(Saved entries)
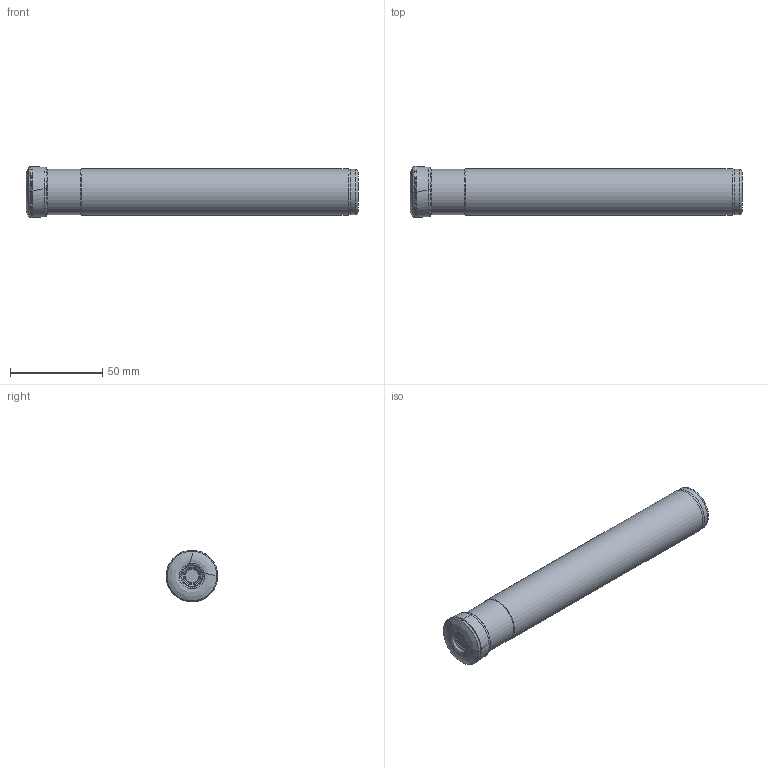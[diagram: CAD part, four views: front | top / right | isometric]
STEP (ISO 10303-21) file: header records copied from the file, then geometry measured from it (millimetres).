
FILE_DESCRIPTION(/* description */ (''),/* implementation_level */ '2;1');
FILE_NAME(/* name */ 'AHFM-BL0904-D28-W25-L180-Z03.stp',/* time_stamp */ '2023-10-21T16:20:06+03:00',/* author */ (''),/* organization */ (''),/* preprocessor_version */ 'ST-DEVELOPER v19.4',/* originating_system */ 'SIEMENS PLM Software NX2306.5001',/* authorisation */ '');
FILE_SCHEMA (('AUTOMOTIVE_DESIGN { 1 0 10303 214 3 1 1 1 }'));
Length unit declared in the file: millimetre
Products named in the file (1): AHFM-BL0904-D28-W25-L180-Z03-LIGHT_x_t_objects
Bounding box: 180.07 x 27.96 x 27.95 mm (x, y, z)
Volume: 92633.5 mm3; surface area: 17059.9 mm2
Topology: 2 solids, 2 shells, 47 faces, 91 edges, 46 vertices
Faces by surface type: bspline 32, torus 6, cone 4, cylinder 3, plane 2
Full cylindrical faces by diameter (mm): 24.5 x2, 25 x1
Entity records: 1568 total; most frequent: CARTESIAN_POINT 712, DIRECTION 176, ORIENTED_EDGE 156, AXIS2_PLACEMENT_3D 82, EDGE_CURVE 78, CIRCLE 66, EDGE_LOOP 60, ADVANCED_FACE 47

• _PROMPT_: Nothing but the lines with "records" should be returned, copied from the entries above.

• _EXERCISE SOLUTION_:
STEP (ISO 10303-21) file: header records copied from the file, then geometry measured from it (millimetres).
Entity records: 1568 total; most frequent: CARTESIAN_POINT 712, DIRECTION 176, ORIENTED_EDGE 156, AXIS2_PLACEMENT_3D 82, EDGE_CURVE 78, CIRCLE 66, EDGE_LOOP 60, ADVANCED_FACE 47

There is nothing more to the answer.